Jimmy Lin and Boris Katz
MIT Artificial Intelligence Laboratory
Question answering systems have become increasingly popular because they deliver users short, succinct answers instead of overloading them with a large number of irrelevant documents. The vast amount of information readily available on the World Wide Web presents new opportunities and challenges for question answering. Question answering systems should benefit from the tremendous amount of useful knowledge, and at the same time, they must cope with large volumes of useless data.

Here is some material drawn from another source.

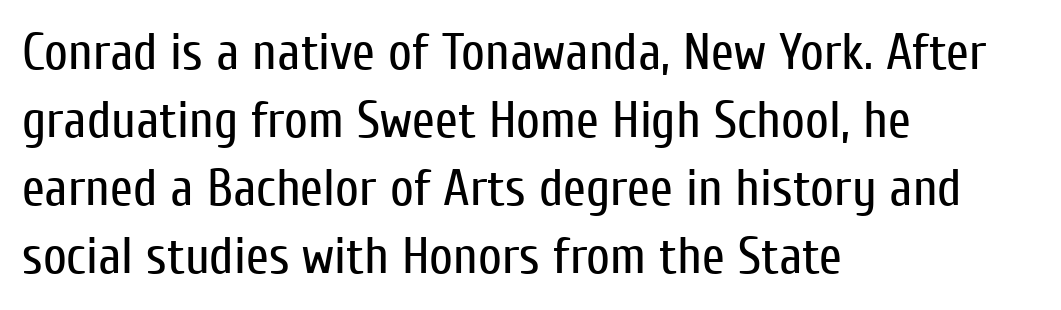
The image shows 52 px regular-weight, condensed sans-serif type, upright; set left-aligned, normal line spacing (1.31x), normal letter spacing, not underlined; low stroke contrast and a medium x-height.

Many characteristics of the World Wide Web distinguish Web-based question answering from question answering on closed corpora such as newspaper texts. The Web is vastly larger in size and boasts incredible "data redundancy," which is amenable to data mining approaches for answer extraction. Surprisingly, a data-driven approach utilizing statistical techniques can yield high levels of performance and nicely complement traditional linguistically-informed question answering technology. The Web also contains pockets of structured and semistructured knowledge that can serve as a valuable resource for question answering. By organizing these resources and annotating them with natural language, we can successfully incorporate Web knowledge sources into question answering systems.
This tutorial will survey recent Web-based question answering technology, focusing on two separate paradigms: knowledge mining using statistical tools and knowledge annotation using database concepts. Both approaches can employ a wide spectrum of techniques ranging in linguistic sophistication from simple "bag-of-words" treatments to full syntactic parsing.